- **EXERCISE DETAILS**:
Pictures stay out. All the rest of the records must be repeated exactly.

= Beginning of Section =

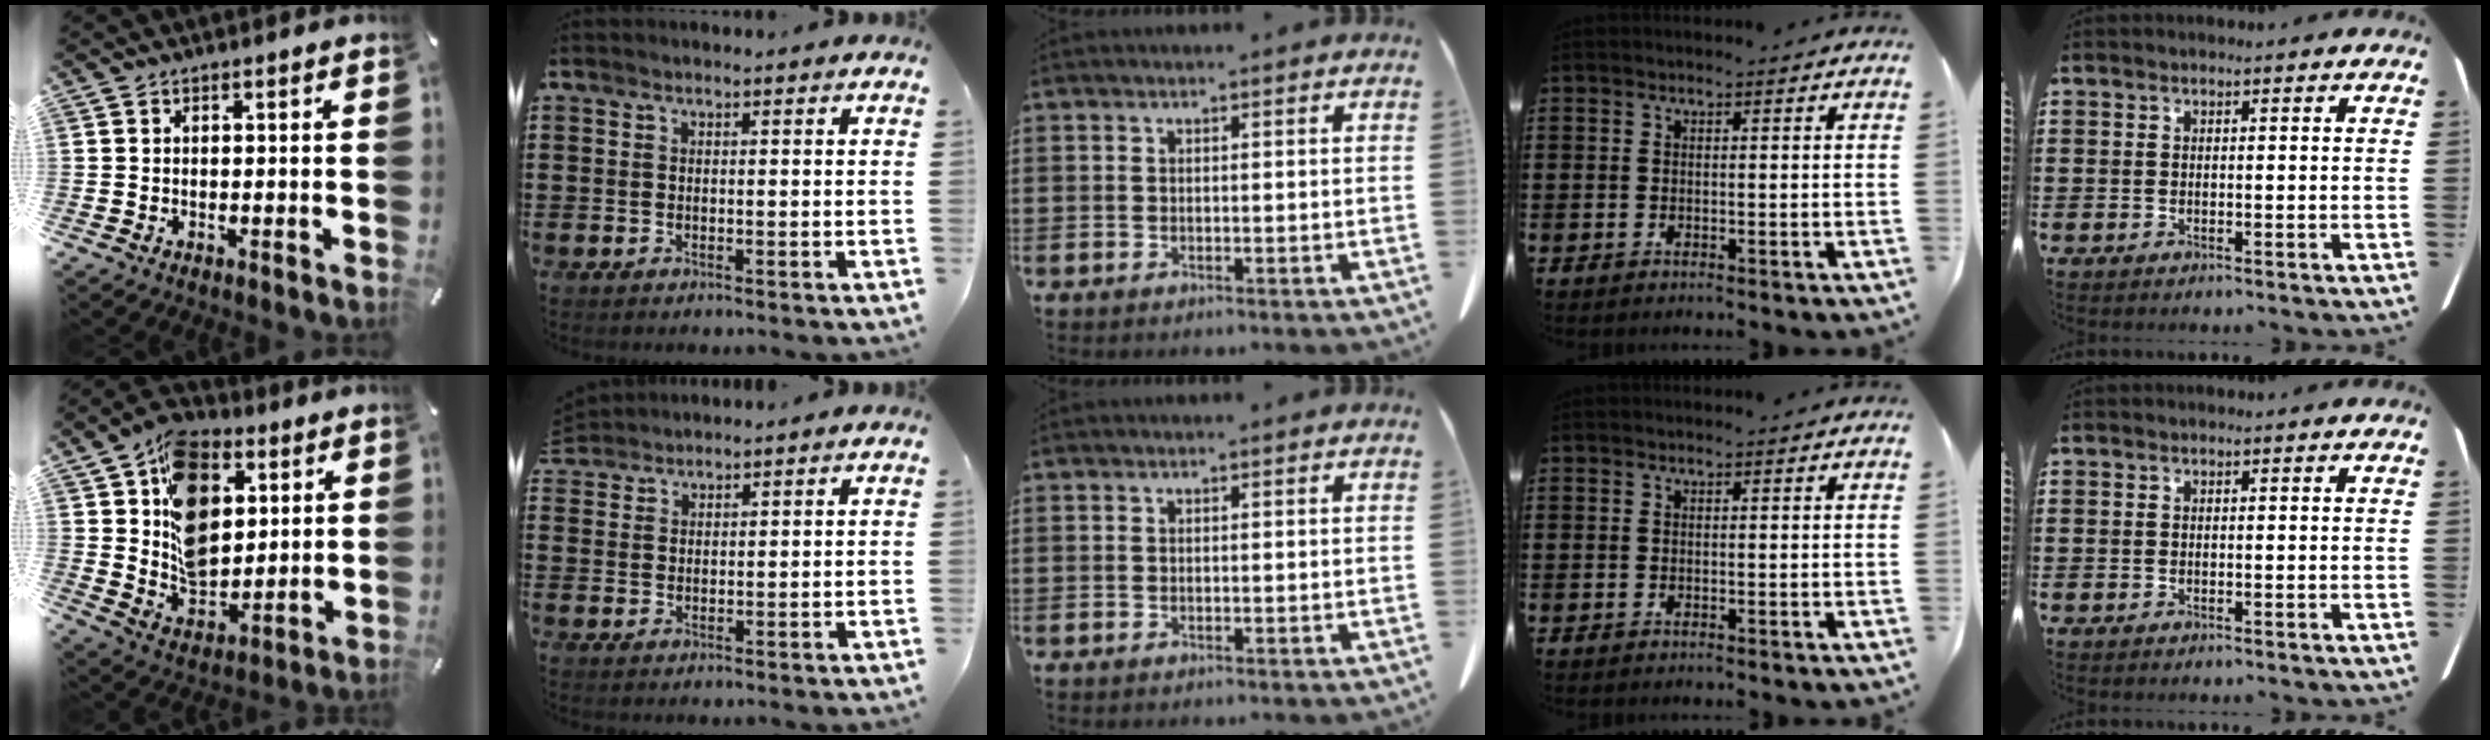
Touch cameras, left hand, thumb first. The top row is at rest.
{"thumb": {"total": 16.4, "force": [5.2, 12.4, 9.4], "torque": [-0.158, -0.018, 0.100]}, "index": {"total": 2.1, "force": [2.1, 0.2, -0.4], "torque": [0.002, -0.002, 0.042]}}
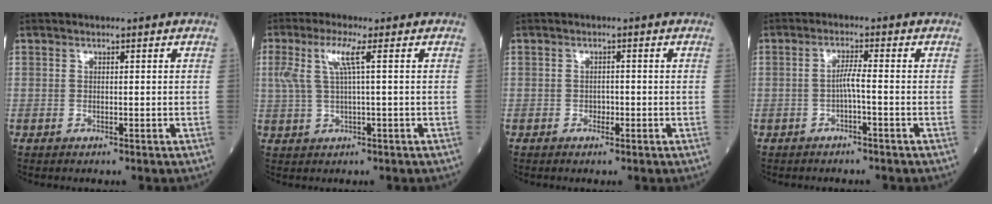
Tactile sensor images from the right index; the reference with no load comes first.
{"total": 4.7, "force": [1.6, 0.0, 4.4], "torque": [-0.102, 0.014, 0.037]}
{"total": 1.1, "force": [-0.4, 0.7, 0.7], "torque": [-0.011, 0.002, -0.006]}
{"total": 2.3, "force": [-0.7, -0.2, 2.1], "torque": [-0.038, 0.002, -0.016]}
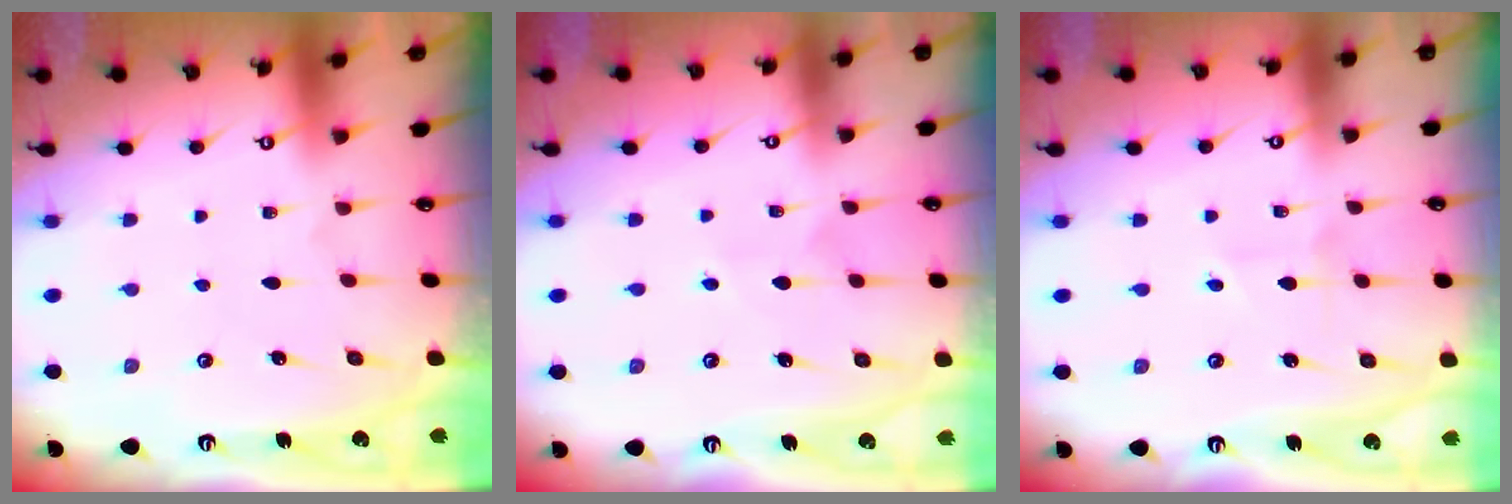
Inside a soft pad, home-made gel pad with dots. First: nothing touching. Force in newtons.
{"total": 4.9, "press": 4.9, "slide": 0.4}
{"total": 2.3, "press": 2.3, "slide": 0.3}
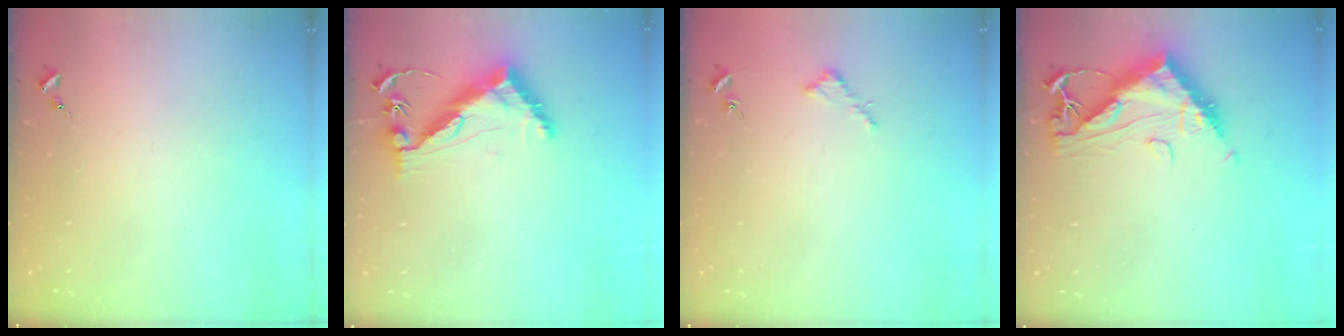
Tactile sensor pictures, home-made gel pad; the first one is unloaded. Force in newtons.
{"total": 12.8, "press": 12.8, "slide": 0.8}
{"total": 2.6, "press": 2.6, "slide": 0.2}
{"total": 13.4, "press": 13.4, "slide": 1.2}
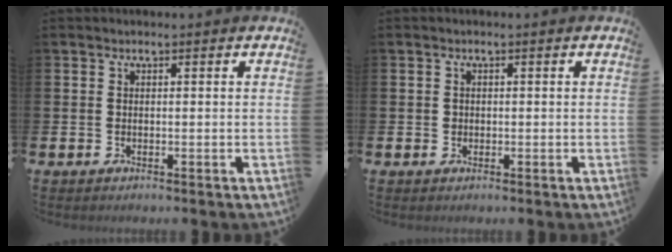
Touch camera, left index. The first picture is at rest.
{"total": 0.8, "force": [0.2, 0.8, 0.1], "torque": [0.004, 0.003, 0.000]}
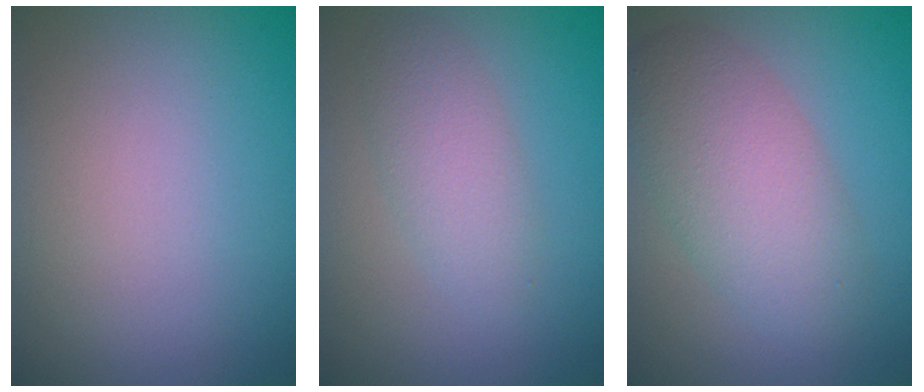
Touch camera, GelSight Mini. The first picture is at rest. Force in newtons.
{"total": 2.7, "press": 2.7, "slide": 0.1}
{"total": 5.5, "press": 5.5, "slide": 0.1}
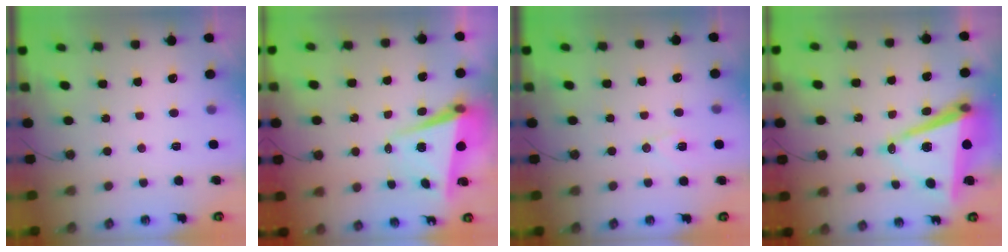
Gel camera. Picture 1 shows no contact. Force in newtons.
{"total": 5.5, "press": 5.5, "slide": 0.7}
{"total": 6.8, "press": 6.6, "slide": 1.8}
{"total": 11.8, "press": 11.2, "slide": 3.8}

= End of Section =

- **SOLUTION TO THE PROBLEM**:
Touch cameras, left hand, thumb first. The top row is at rest.
{"thumb": {"total": 16.4, "force": [5.2, 12.4, 9.4], "torque": [-0.158, -0.018, 0.100]}, "index": {"total": 2.1, "force": [2.1, 0.2, -0.4], "torque": [0.002, -0.002, 0.042]}}
Tactile sensor images from the right index; the reference with no load comes first.
{"total": 4.7, "force": [1.6, 0.0, 4.4], "torque": [-0.102, 0.014, 0.037]}
{"total": 1.1, "force": [-0.4, 0.7, 0.7], "torque": [-0.011, 0.002, -0.006]}
{"total": 2.3, "force": [-0.7, -0.2, 2.1], "torque": [-0.038, 0.002, -0.016]}
Inside a soft pad, home-made gel pad with dots. First: nothing touching. Force in newtons.
{"total": 4.9, "press": 4.9, "slide": 0.4}
{"total": 2.3, "press": 2.3, "slide": 0.3}
Tactile sensor pictures, home-made gel pad; the first one is unloaded. Force in newtons.
{"total": 12.8, "press": 12.8, "slide": 0.8}
{"total": 2.6, "press": 2.6, "slide": 0.2}
{"total": 13.4, "press": 13.4, "slide": 1.2}
Touch camera, left index. The first picture is at rest.
{"total": 0.8, "force": [0.2, 0.8, 0.1], "torque": [0.004, 0.003, 0.000]}
Touch camera, GelSight Mini. The first picture is at rest. Force in newtons.
{"total": 2.7, "press": 2.7, "slide": 0.1}
{"total": 5.5, "press": 5.5, "slide": 0.1}
Gel camera. Picture 1 shows no contact. Force in newtons.
{"total": 5.5, "press": 5.5, "slide": 0.7}
{"total": 6.8, "press": 6.6, "slide": 1.8}
{"total": 11.8, "press": 11.2, "slide": 3.8}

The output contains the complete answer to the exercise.